> **EXERCISE DETAILS**: All the lines below should appear again unchanged, though their pictures should not.

> **EXTRACTED ENTRIES**:
###
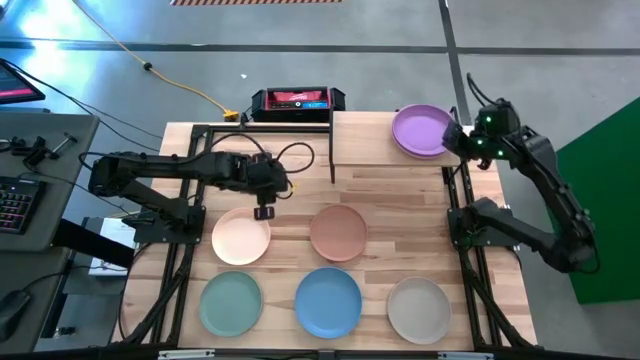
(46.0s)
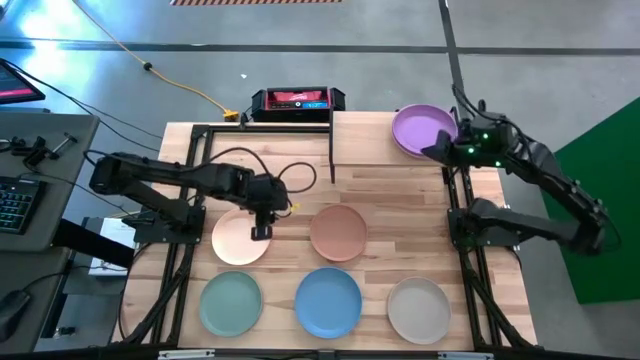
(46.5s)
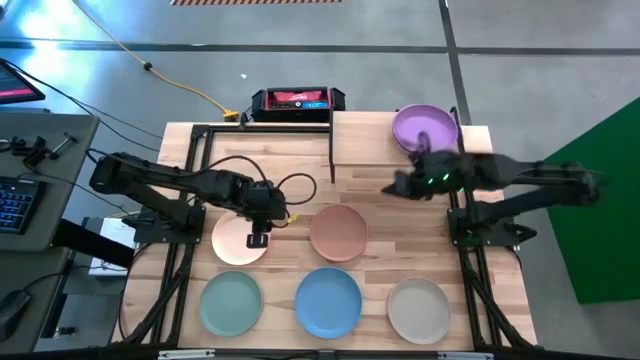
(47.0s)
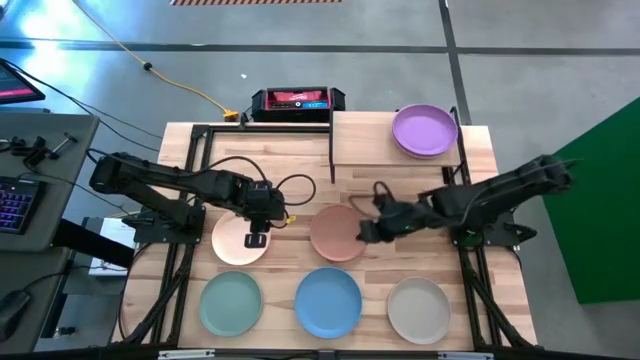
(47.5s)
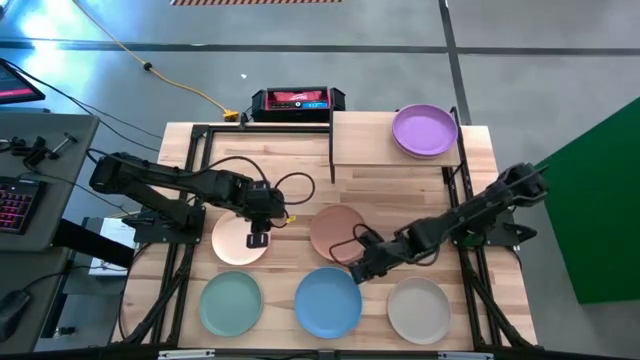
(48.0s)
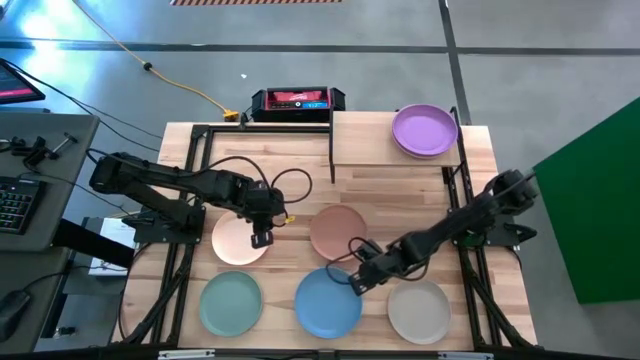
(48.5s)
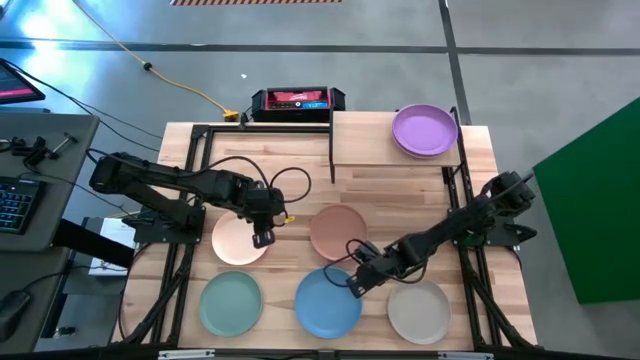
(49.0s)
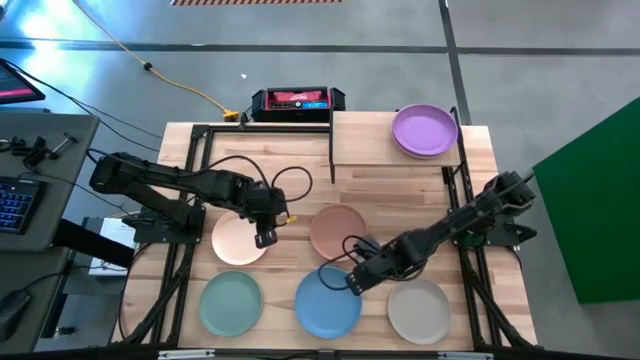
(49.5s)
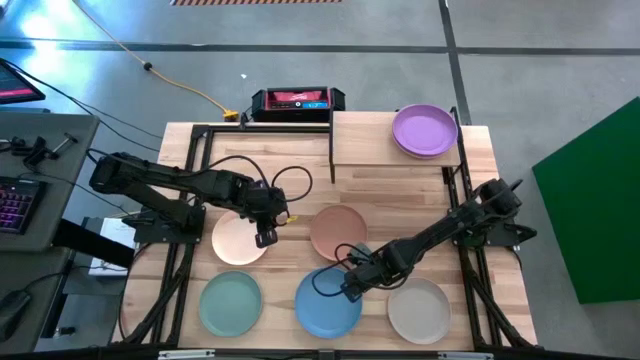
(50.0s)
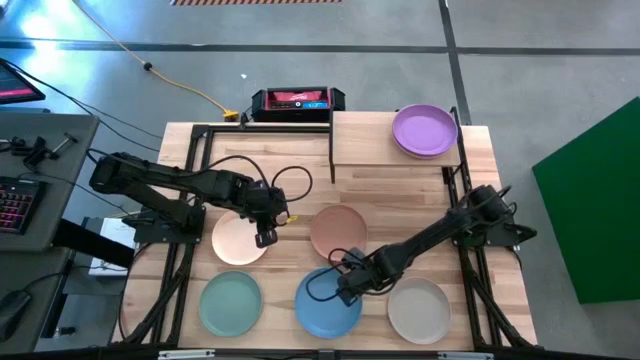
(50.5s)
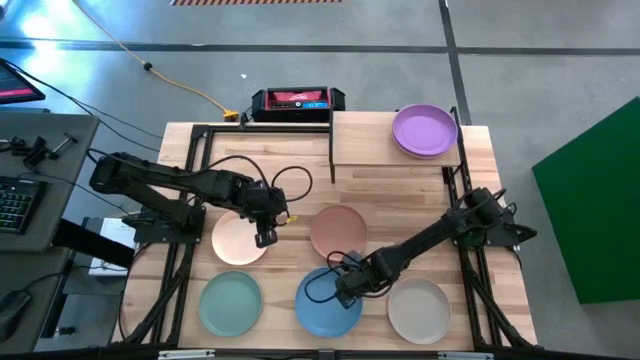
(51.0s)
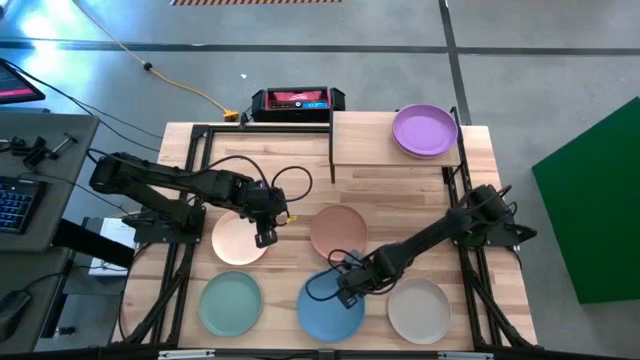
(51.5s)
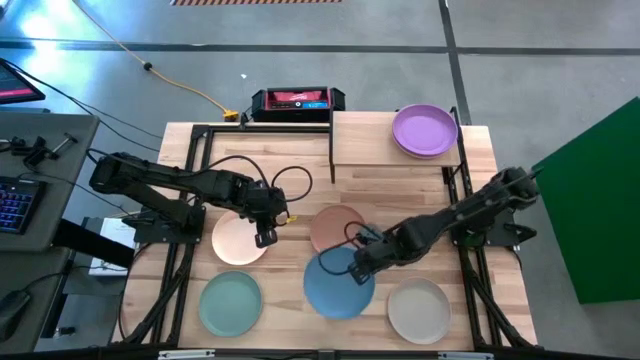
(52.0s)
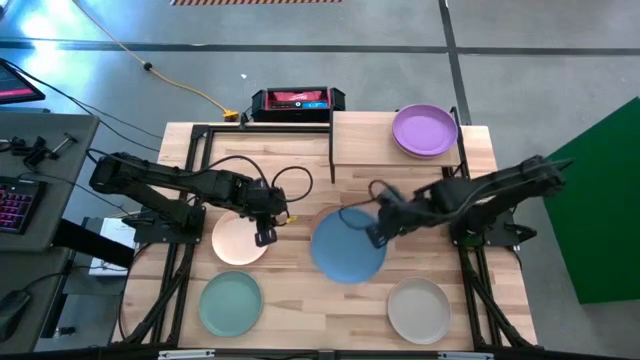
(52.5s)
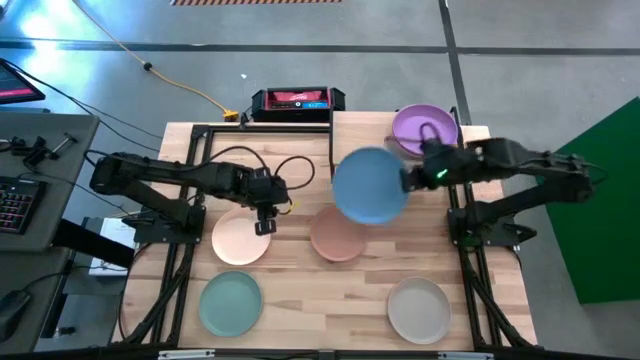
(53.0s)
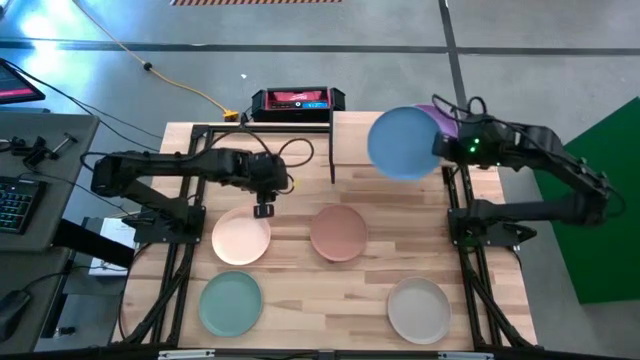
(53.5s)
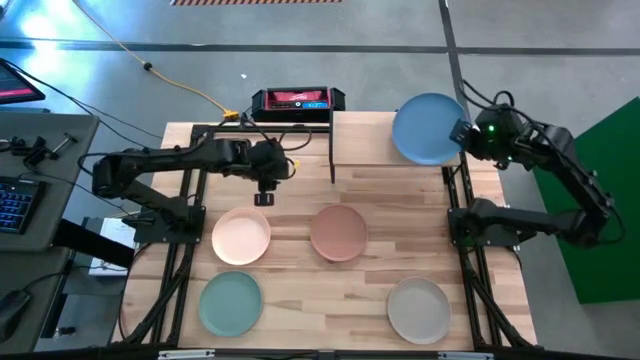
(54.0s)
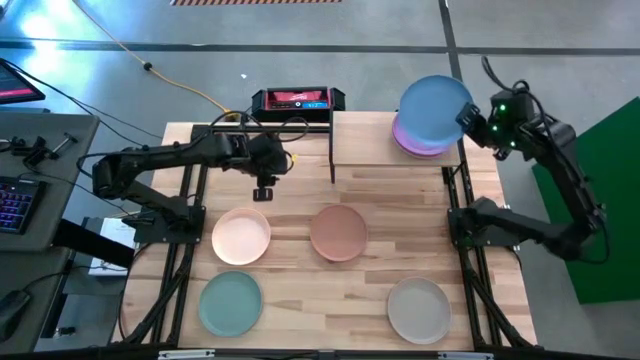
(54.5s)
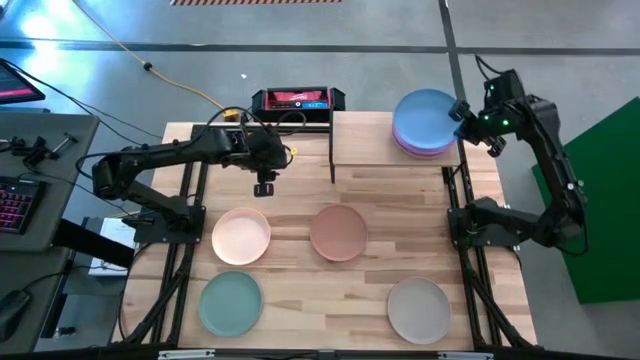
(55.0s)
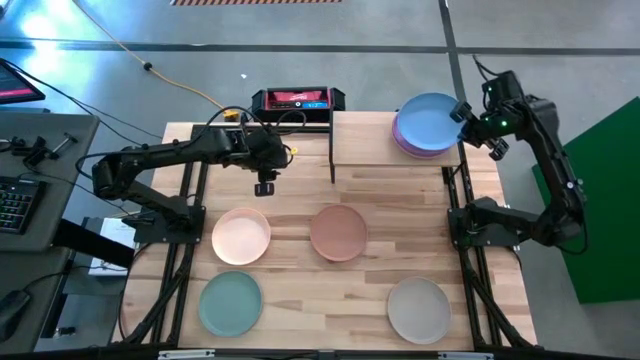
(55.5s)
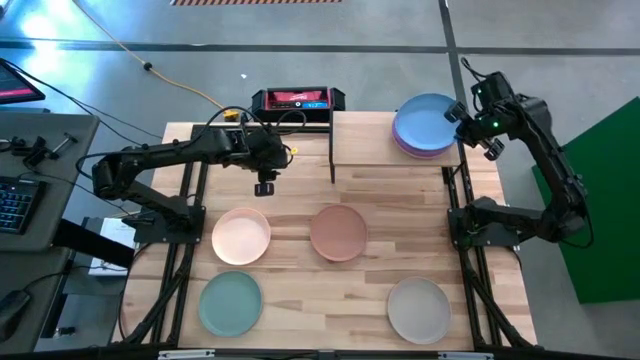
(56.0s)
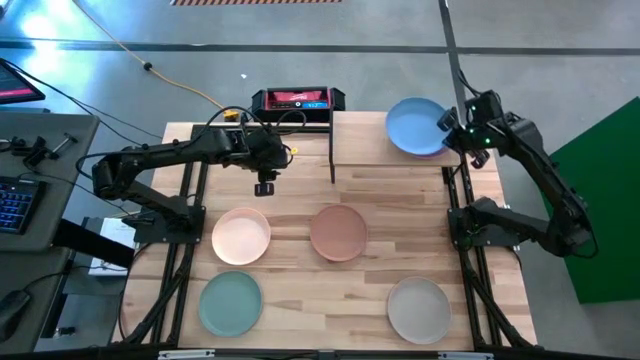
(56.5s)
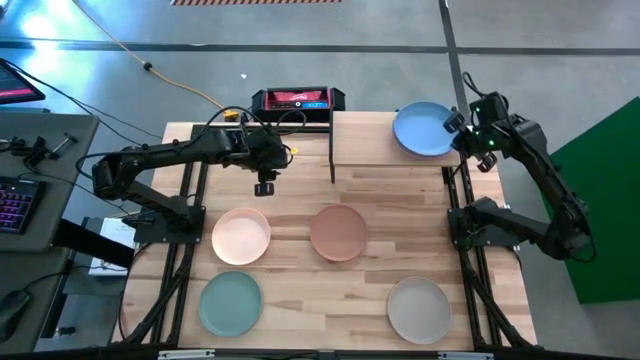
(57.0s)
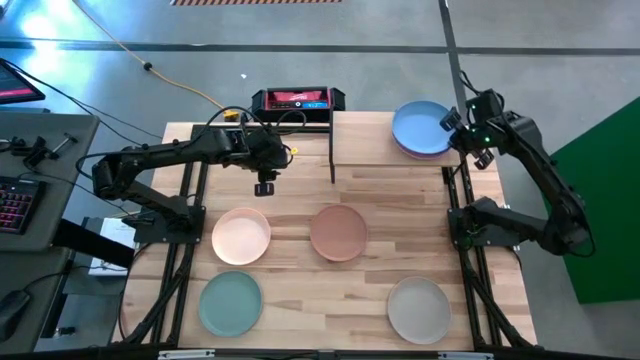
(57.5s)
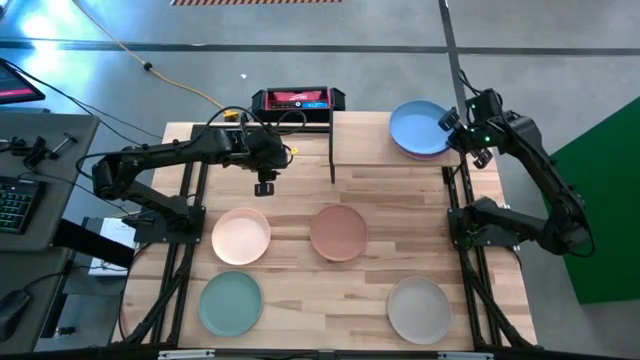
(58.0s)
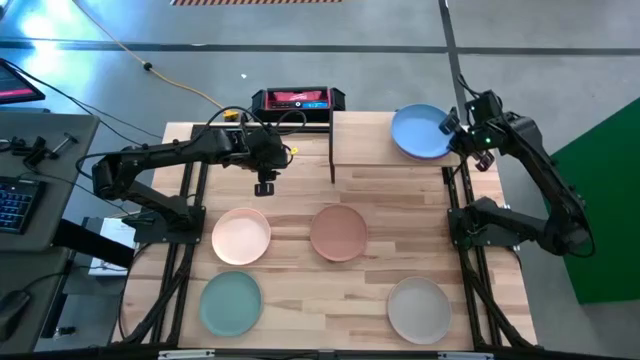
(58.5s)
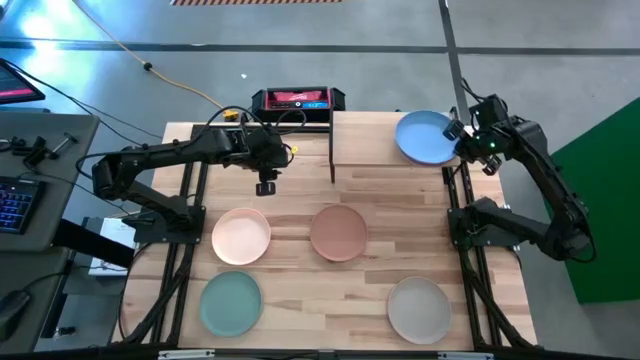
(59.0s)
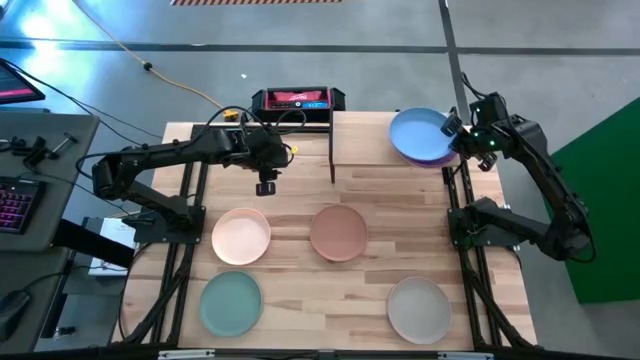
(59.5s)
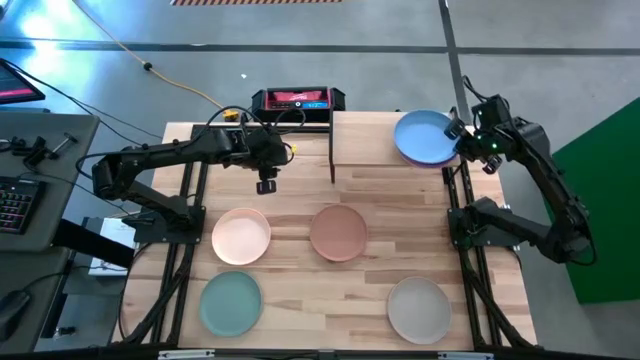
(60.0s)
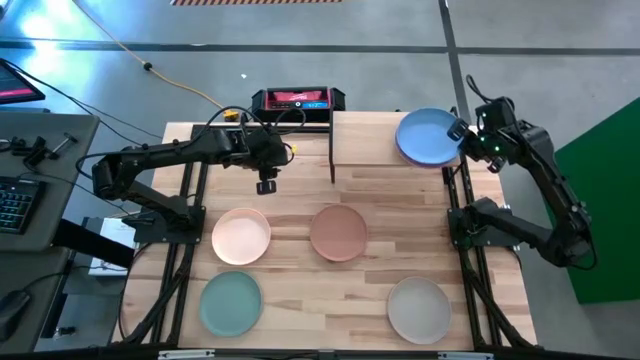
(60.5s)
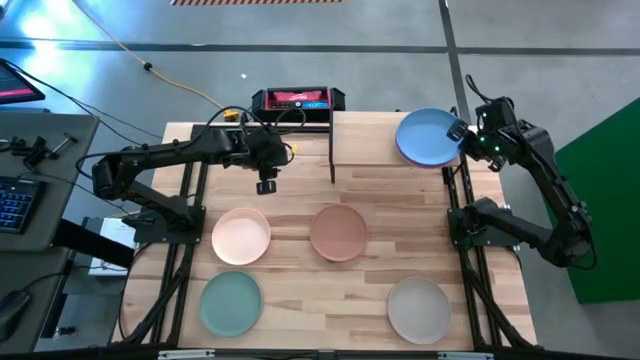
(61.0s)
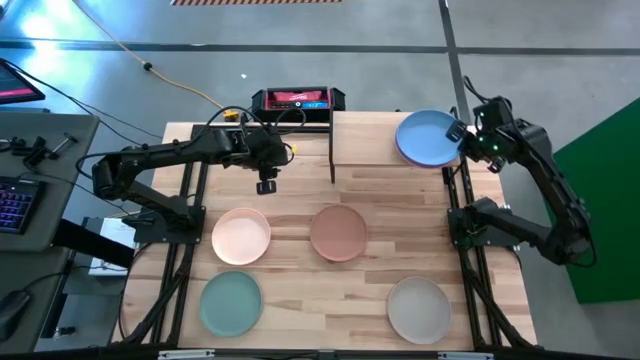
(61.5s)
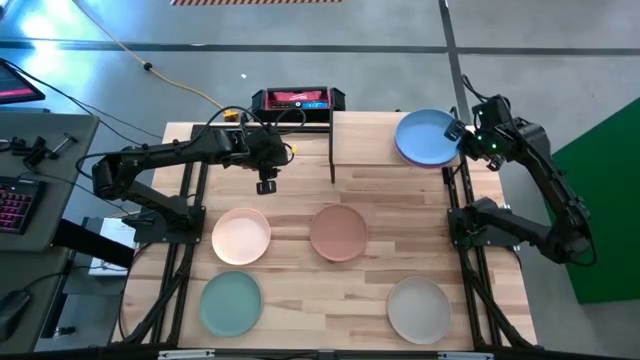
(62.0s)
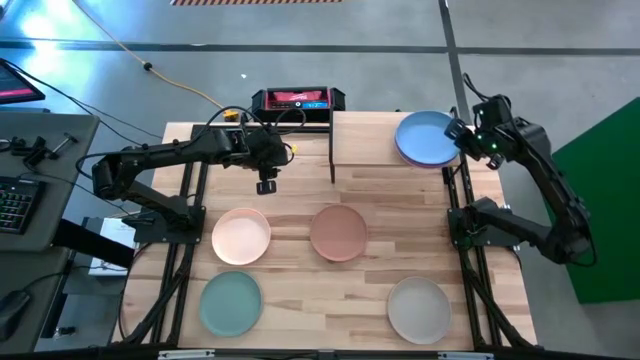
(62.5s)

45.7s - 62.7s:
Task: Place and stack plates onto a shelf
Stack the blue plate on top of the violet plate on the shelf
###
> **RESPONSE TO THE EXERCISE**:
(46.0s)
(46.5s)
(47.0s)
(47.5s)
(48.0s)
(48.5s)
(49.0s)
(49.5s)
(50.0s)
(50.5s)
(51.0s)
(51.5s)
(52.0s)
(52.5s)
(53.0s)
(53.5s)
(54.0s)
(54.5s)
(55.0s)
(55.5s)
(56.0s)
(56.5s)
(57.0s)
(57.5s)
(58.0s)
(58.5s)
(59.0s)
(59.5s)
(60.0s)
(60.5s)
(61.0s)
(61.5s)
(62.0s)
(62.5s)

45.7s - 62.7s:
Task: Place and stack plates onto a shelf
Stack the blue plate on top of the violet plate on the shelf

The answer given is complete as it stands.